On his wife’s advice, John B. C. Lucas also began investing in St. Louis real estate. “By purchasing a lot at a time,” wrote Hunt, “he at length came to own all the land from Market Street to St. Charles, and from Fourth Street to Jefferson Avenue. He did not buy it as a speculation, but for what it would produce; it turned out, however, to be an immense speculation, for the whole seven arpents front did not cost him over $700.00, and that property is now worth, I suppose, seventy millions!”

As the daughter of a prominent family, Anne Lucas lived a privileged life. After her mother’s death in 1811, Anne must have also had to manage their large household. Soon her father built a home in the country. “I remember that people told my father that he was not doing a prudent thing in taking me, a fourteen-year-old girl, so far away; that the Indians might carry me off some time when he was down town attending to his business.”

In 1814 Anne Lucas married Captain Theodore Hunt, a former US naval officer who went into partnership with fur trader Manuel Lisa. The couple had eight children, three of whom survived to adulthood. Captain Hunt died in 1832.

By 1832 most of Hunt’s brothers had also died, but the death of her brother Charles Lucas in 1817 was a particularly painful blow. Wounded in his first duel with Thomas Hart Benton, a political rival, Lucas was killed when his opponent demanded a second encounter. Hunt became so fearful of meeting Benton that she and her husband moved to a country home, which they sold in 1820 to Frederick Dent, future father-in-­law of Ulysses S. Grant. Next they moved to what is now Normandy; Hunt christened her home there “the ‘shelter,’ because I kept it as a shelter in my old age in case I should need it.”
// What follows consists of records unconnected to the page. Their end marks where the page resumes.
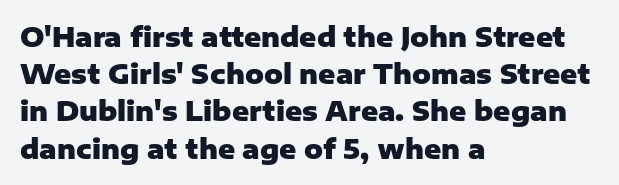
Q: Is the text bold? A: Yes.
Q: Is the text italic (slanted)? A: No, it is upright.
Q: Is the text underlined? A: No.
Q: How is the paragraph aligned? A: Left-aligned.
Q: Is the spacing between letters normal or unusually wide? A: Normal.
Q: Is the spacing between lines tight, normal or loose? A: Normal.
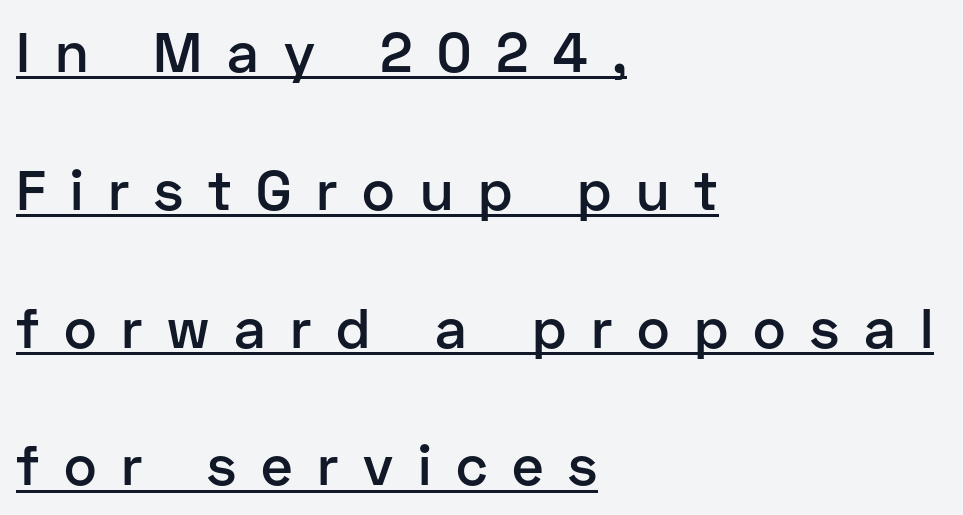
{"serif": "no", "italic": "no", "bold": "semi", "weight": "semibold", "width": "normal", "stroke_contrast": "low", "x_height": "medium", "monospaced": "no", "underline": "yes", "align": "left", "line_spacing": "loose", "line_spacing_ratio": 2.46, "letter_spacing": "wide", "letter_spacing_em": 0.44, "glyph_px": 56}
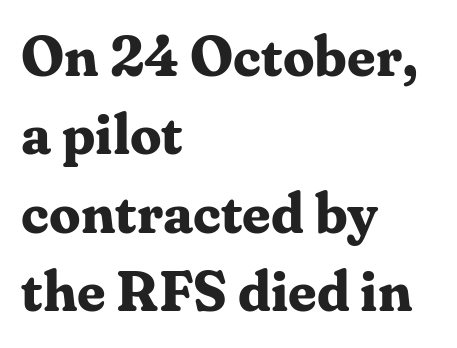
{"serif": "yes", "italic": "no", "bold": "yes", "weight": "bold", "width": "normal", "stroke_contrast": "medium", "x_height": "medium", "monospaced": "no", "underline": "no", "align": "left", "line_spacing": "normal", "line_spacing_ratio": 1.4, "letter_spacing": "normal", "letter_spacing_em": 0.0, "glyph_px": 56}
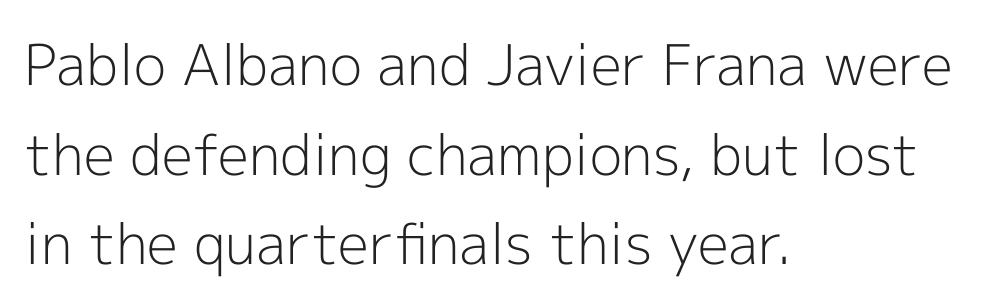
The image shows 56 px light sans-serif type, upright; set left-aligned, normal line spacing (1.6x), normal letter spacing, not underlined; a medium x-height.
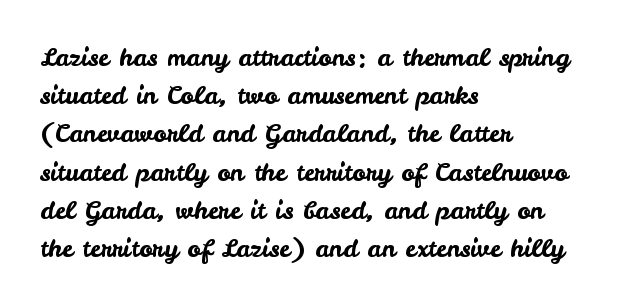
Descenders hang freely into open space. Teacher's note: observe the even left margin — that is flush-left alignment. The vertical gap from one line to the next is medium. The letters sit at their default tracking, neither squeezed nor spread.
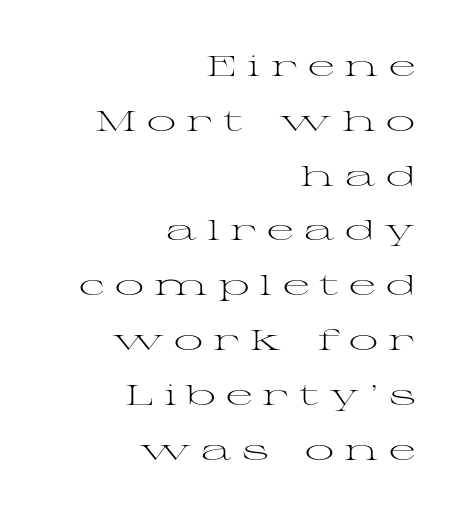
The image shows 29 px light, wide serif type, upright; set right-aligned, line spacing 1.89x, unusually wide letter spacing (+0.35 em), not underlined; medium stroke contrast and a medium x-height.
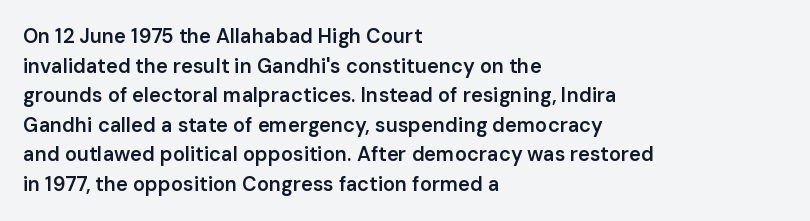
Descender tails drop into unmarked territory. Students, note that the glyphs here touch the page at normal intervals. Whoever set this chose a conventional vertical rhythm. These lines were composed using upright roman letters.
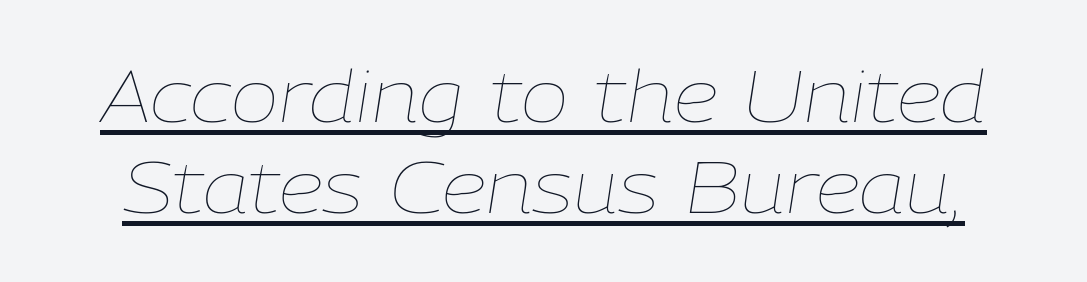
Q: Is the text bold? A: No.
Q: Is the text italic (slanted)? A: Yes, it leans right by about 9 degrees.
Q: Is the text underlined? A: Yes.
Q: Is the spacing between letters normal or unusually wide? A: Normal.
Q: Is the spacing between lines tight, normal or loose? A: Normal.
Q: Width (condensed, normal, or wide)? A: Normal.
Q: Stroke contrast? A: Low.
Q: x-height? A: Medium.
Q: Monospaced? A: No.
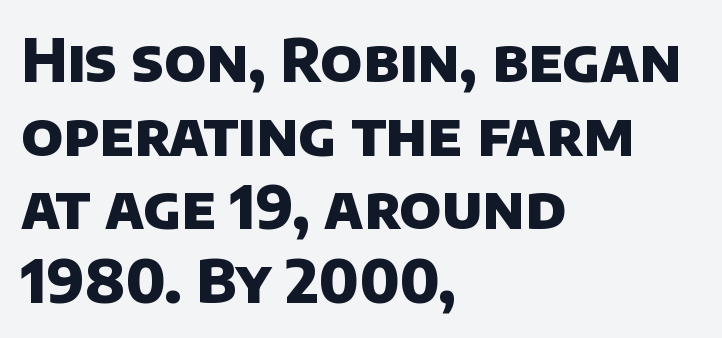
{"serif": "no", "bold": "yes", "weight": "heavy", "width": "normal", "stroke_contrast": "low", "x_height": "large", "monospaced": "no", "underline": "no", "align": "left", "line_spacing": "normal", "line_spacing_ratio": 1.25, "letter_spacing": "normal", "letter_spacing_em": 0.0, "glyph_px": 59}
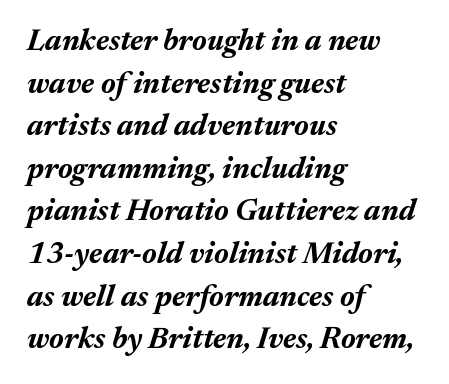
Q: Is the text bold? A: Yes.
Q: Is the text italic (slanted)? A: Yes, it leans right by about 17 degrees.
Q: Is the text underlined? A: No.
Q: How is the paragraph aligned? A: Left-aligned.
Q: Is the spacing between letters normal or unusually wide? A: Normal.
Q: Is the spacing between lines tight, normal or loose? A: Normal.
Q: Width (condensed, normal, or wide)? A: Normal.
Q: Stroke contrast? A: Medium.
Q: x-height? A: Medium.
Q: Monospaced? A: No.
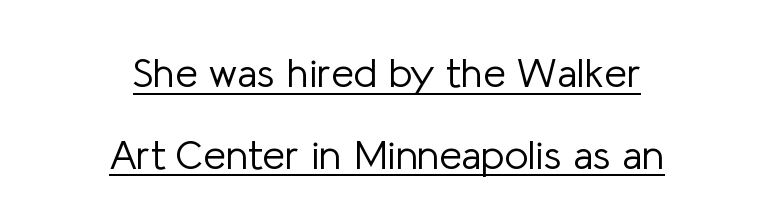
The designer dialed line spacing up above the default. Italic: no, the glyphs are upright roman. Spacing between characters is what you'd get straight out of the box. Regarding serifs, this sample does without them.
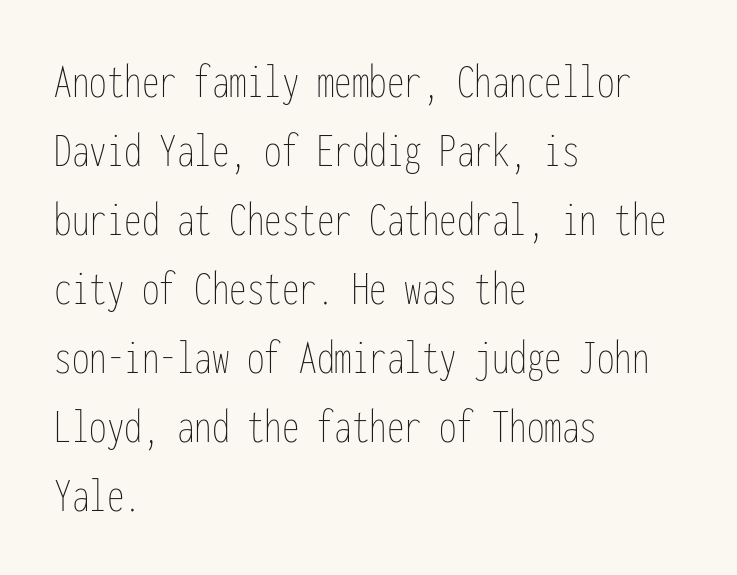
Q: Is the text bold? A: No.
Q: Is the text italic (slanted)? A: No, it is upright.
Q: Is the text underlined? A: No.
Q: How is the paragraph aligned? A: Left-aligned.
Q: Is the spacing between letters normal or unusually wide? A: Normal.
Q: Is the spacing between lines tight, normal or loose? A: Normal.
Q: Width (condensed, normal, or wide)? A: Condensed.
Q: Stroke contrast? A: Low.
Q: x-height? A: Medium.
Q: Monospaced? A: Yes.
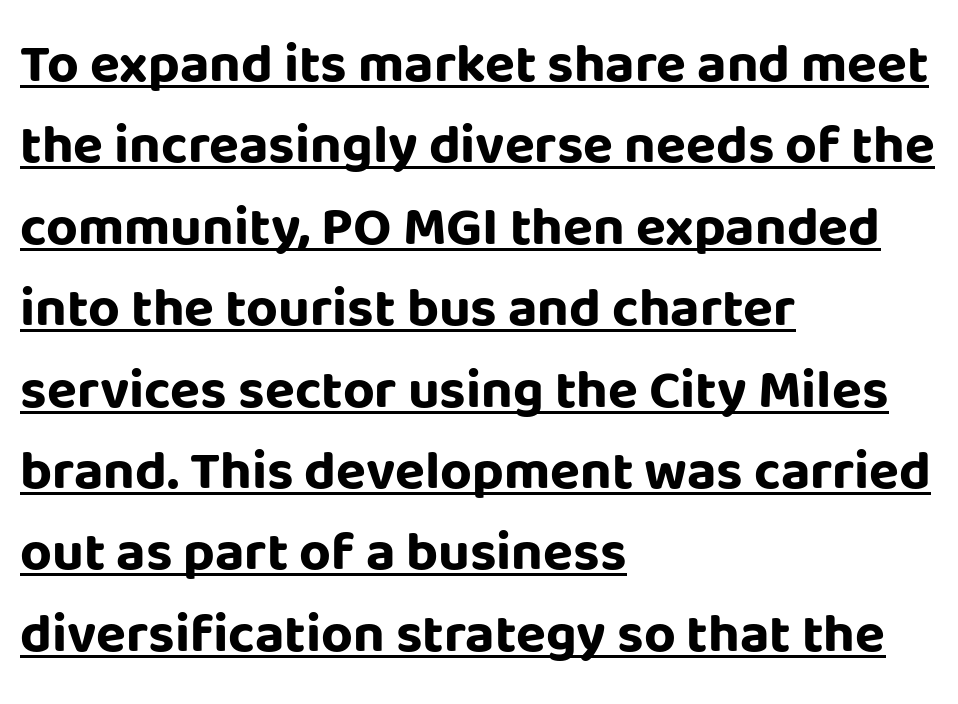
{"serif": "no", "italic": "no", "bold": "yes", "weight": "bold", "width": "normal", "stroke_contrast": "low", "x_height": "large", "monospaced": "no", "underline": "yes", "align": "left", "line_spacing": "normal", "line_spacing_ratio": 1.48, "letter_spacing": "normal", "letter_spacing_em": 0.0, "glyph_px": 55}
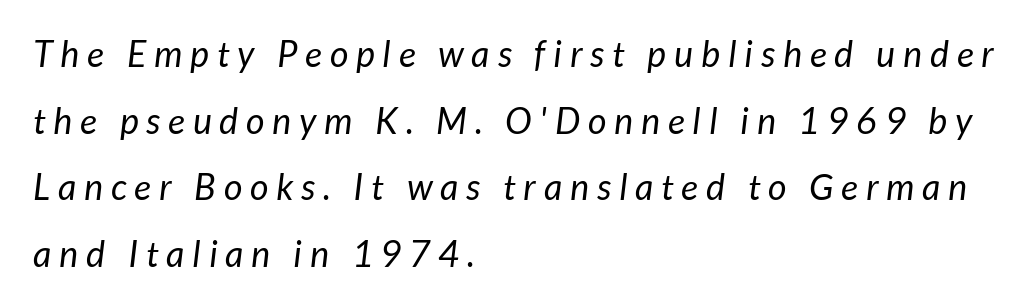
Q: Is the text bold? A: No.
Q: Is the typeface a serif or a sans-serif typeface? A: Sans-serif.
Q: Is the text underlined? A: No.
Q: How is the paragraph aligned? A: Left-aligned.
Q: Is the spacing between letters normal or unusually wide? A: Unusually wide.
Q: Width (condensed, normal, or wide)? A: Normal.
Q: Stroke contrast? A: Low.
Q: x-height? A: Medium.
Q: Monospaced? A: No.
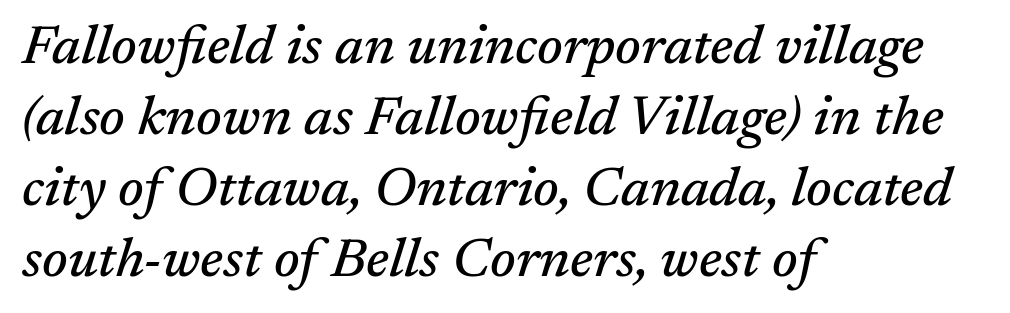
Between one letter and the next there's only the usual sliver of space. The passage shown is not underscored anywhere. The passage shown stacks its lines at a standard gap. Where is the straight margin? On the left.
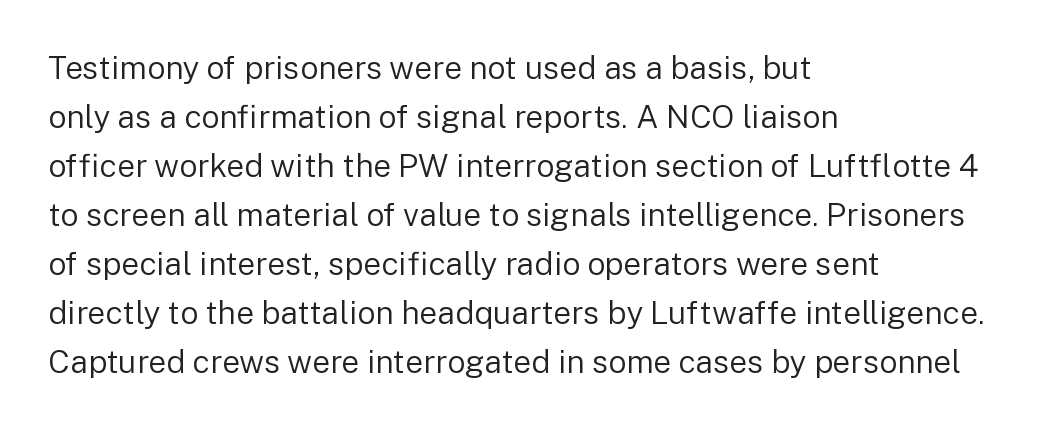
The image shows 32 px regular-weight sans-serif type, upright; set left-aligned, normal line spacing (1.53x), normal letter spacing, not underlined; low stroke contrast and a medium x-height.
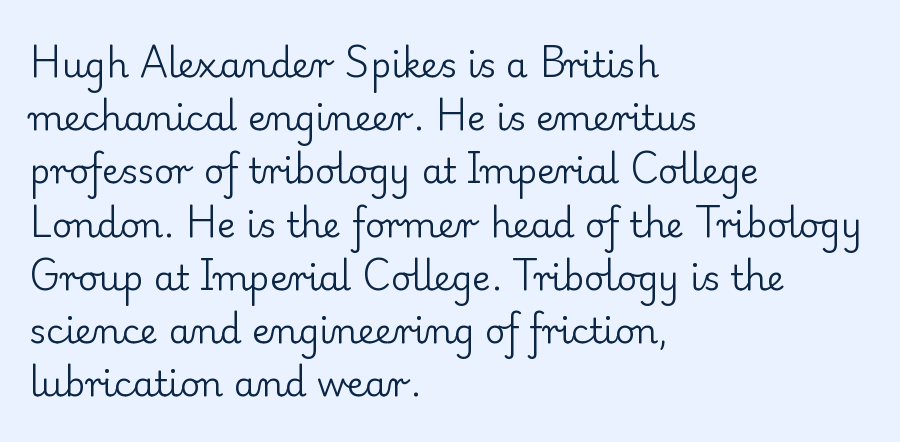
{"serif": "yes", "italic": "no", "bold": "no", "weight": "regular", "width": "normal", "stroke_contrast": "low", "x_height": "small", "monospaced": "no", "underline": "no", "align": "left", "line_spacing": "normal", "line_spacing_ratio": 1.52, "letter_spacing": "normal", "letter_spacing_em": 0.0, "glyph_px": 35}

Four years after the death of her first husband, Hunt married his cousin, Wilson Price Hunt; as chief American partner of John Jacob Astor’s Pacific Fur Company, he had headed an 1811 fur-trading expedition to Astoria, a tiny outpost at the mouth of the Columbia River, and had returned to St. Louis in 1813. There he became a real estate investor and mill owner. He died in 1842.

Twice widowed, Hunt devoted herself to her family, her charities, and the considerable estate she had inherited from her father, who died in 1842. However, the St. Louis of her youth was also in her thoughts. In her memoirs she recalled wistfully its old forts, Indian mounds, and handsome Chouteau’s Pond. “Around where the Court House now is, prairie chickens, quails and other game were trapped in abundance,” she wrote.

Hunt died at her Lucas Place home on April 13, 1879. Her obituary in the Missouri Republican attested to her generosity of spirit: “Her children and most intimate friends unhesitatingly assert that they never heard her speak slightingly of any person, and when others did so in her presence she invariably reproved them and became herself the defender of the person so spoken of.”

At Hunt’s request, her funeral was devoid of ostentation, with no high mass or drapery around the church. Her coffin was a simple black, with only a silver cross on the lid. Instead of a personal eulogy, she requested that her funeral sermon consist of a warning to the living.

This article was first published in Lawrence O. Christensen, William E. Foley, Gary R. Kremer, and Kenneth H. Winn, eds., Dictionary of Missouri Biography (Columbia: University of Missouri Press, 1999), and appears here by permission of the author and original publisher.

Further Reading

Hunt, Anne L. “Early Recollections.” Glimpses of the Past 1, no. 6 (May 1934): 41–51.

Hunt Family Papers. Missouri Historical Society, St. Louis.

Lucas Family Papers. Missouri Historical Society, St. Louis.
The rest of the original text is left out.